Он не видел ее целую неделю, соскучился и теперь радовался, что весь день они проведут вместе, а если не будет срочных дел, надо позвонить Жмыхову, он останется у нее еще и на понедельник.
Со времен Октябрьского переворота прошло семь лет. Непримиримая решительность семнадцатого года сменилась нэпом, с точки зрения Алабина, вполне разумной новой экономической политикой. Появился «частный сектор». Кончился военный коммунизм, и, будто по волшебству, по мановению волшебной палочки, пооткрывались мясные, бакалейные, кондитерские лавки. Появились «культурные пивные», где отставные актрисы бывших императорских театров пели под баян заграничные песни о тавернах в шумных портах, о любви миллионеров и апашей, о роковых женщинах с глазами, усталыми от кокаина. «У маленького Джонни холодные ладони и зубы как миндаль... Та, та, та, та...» Понаехали в Москву колбасники, распахнули двери шляпные ателье и меховые салоны.
В «Аквариуме» и в «Эрмитаже» по вечерам культурно отдыхали москательщики и керосинщики с шумной Сухаревки, бакалейщики с Зацепы, охотнорядские мясники, столешниковские ювелиры, арбатские антиквары и дорогие портнихи французских мод. «Гоп ца-ца, волнует всем сердца... да, да, да...» — пели. Вышли на улицу культурные женщины в мехах, в бриллиантах. Слава тебе, господи, большевики взялись за ум!

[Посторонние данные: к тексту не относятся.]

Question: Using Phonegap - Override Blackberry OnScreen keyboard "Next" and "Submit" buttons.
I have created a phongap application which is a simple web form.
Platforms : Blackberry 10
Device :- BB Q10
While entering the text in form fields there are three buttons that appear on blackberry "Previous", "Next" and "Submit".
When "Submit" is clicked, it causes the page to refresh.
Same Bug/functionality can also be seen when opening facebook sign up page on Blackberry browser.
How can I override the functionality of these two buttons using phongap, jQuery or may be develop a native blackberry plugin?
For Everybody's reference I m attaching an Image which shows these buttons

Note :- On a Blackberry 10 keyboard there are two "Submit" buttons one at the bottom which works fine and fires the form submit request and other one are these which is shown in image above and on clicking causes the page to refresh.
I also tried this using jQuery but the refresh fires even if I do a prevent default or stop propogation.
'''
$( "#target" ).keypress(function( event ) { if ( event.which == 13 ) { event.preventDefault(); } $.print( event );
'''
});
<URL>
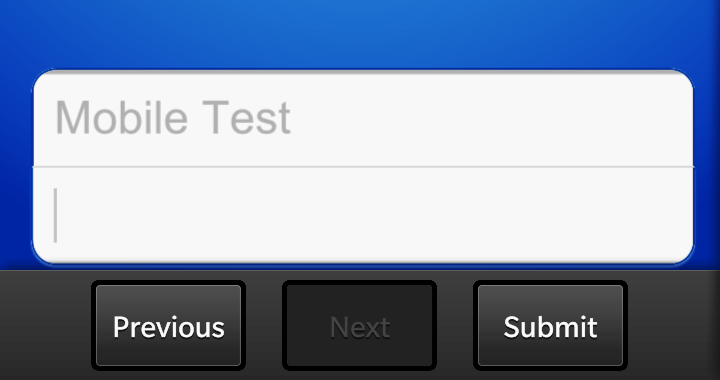
Answer: I just <URL>, and the answer I got was:
> You can disable the bar by adding this to config.xml: '''
<preference name="HideKeyboardFormAccessoryBar" value="true"/>
'''
It doesn't solve the problem of capturing/overriding the BB keyboard Submit button, but hiding the bar is sufficient for my needs, so I figured it might be for yours as well.

Официально Николай Ильич занимался бакалейной торговлей. Имел патент, платил налоги, но было у него еще одно дело. Основное. Хотя кто знал о том основном? Никто, кроме него самого и Глафиры Федоровны.

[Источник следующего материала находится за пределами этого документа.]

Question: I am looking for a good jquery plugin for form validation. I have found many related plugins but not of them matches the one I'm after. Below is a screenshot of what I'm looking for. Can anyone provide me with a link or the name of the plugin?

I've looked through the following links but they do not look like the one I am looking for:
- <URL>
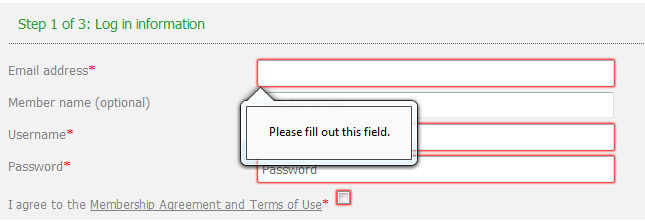
Answer: It may not even be an off-the-shelf jquery plugin.
That design could certainly be created with the jQuery Validation plugin. You will just have to manually manage your error containers. Some good info here:
<URL>

Глафира Федоровна Крафт, бывшая полковничиха, бывшая столбовая дворянка, урожденная Собакина, жила в Сокольниках, он называл ее «ваше сиятельство». Она смеялась.
Каждое воскресенье Николай Ильич ездил в Сокольники с шоколадом, с цветами, летом — с портвейном и кахетинским, зимой — с коньяком и водочкой.

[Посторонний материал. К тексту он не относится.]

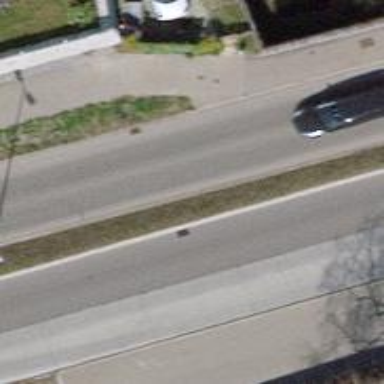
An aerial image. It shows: Secondary road with separate asphalt sidewalks.

Глафире Федоровне исполнилось тридцать пять. Она была еще очень свежа, коротко стригла волосы, ярко красила губы, курила длинные папиросы «Сафо» для дам и, когда прогуливалась в котиковом манто под руку с Николаем Ильичем по дорожкам «Эрмитажа» или по Петровке вниз до Рахмановского, на нее заглядывались сто́ющие мужчины.
Глафира Федоровна в синем шелковом халате сидела на диване в гостиной и улыбалась.
— Глаша, — сказал Алабин, — наш грек не мычит, не телится. Он просто исчез. И те пятнадцать тысяч тоже исчезли.
— Припугни его, — посоветовала она. — Ты много о нем знаешь. Зачем ему надо, чтоб все это стало известно фининспектору Миронову?
— Темнит он. Надо его культурно попросить.
— Попроси.
Ювелир Константин Папаянаки как-то предложил Алабину совершенно неожиданно и весьма по сходной цене кой-какие золотые вещички. Взял задаток пятнадцать тысяч и растворился в неизвестности.
В его мастерской в Столешникове на дверях висел замок, а дома мадам Папаянаки, перепуганная бледная брюнетка с тяжелым пористым носом, отказывалась понимать, что происходит. «Месье Алабин, уверяю вас, я персонально ничего не знаю. Месье Алабин...»
Глафира Федоровна полагала, что Папаянаки, коварный грек, выжидает. Судя по всему, меняется политика, большевики должны пойти на уступки частному сектору, деловые люди желают иметь надежные ценности, стоимость которых непрерывно растет. Камни поднялись в цене вдвое, золото тоже. Грек боится продешевить.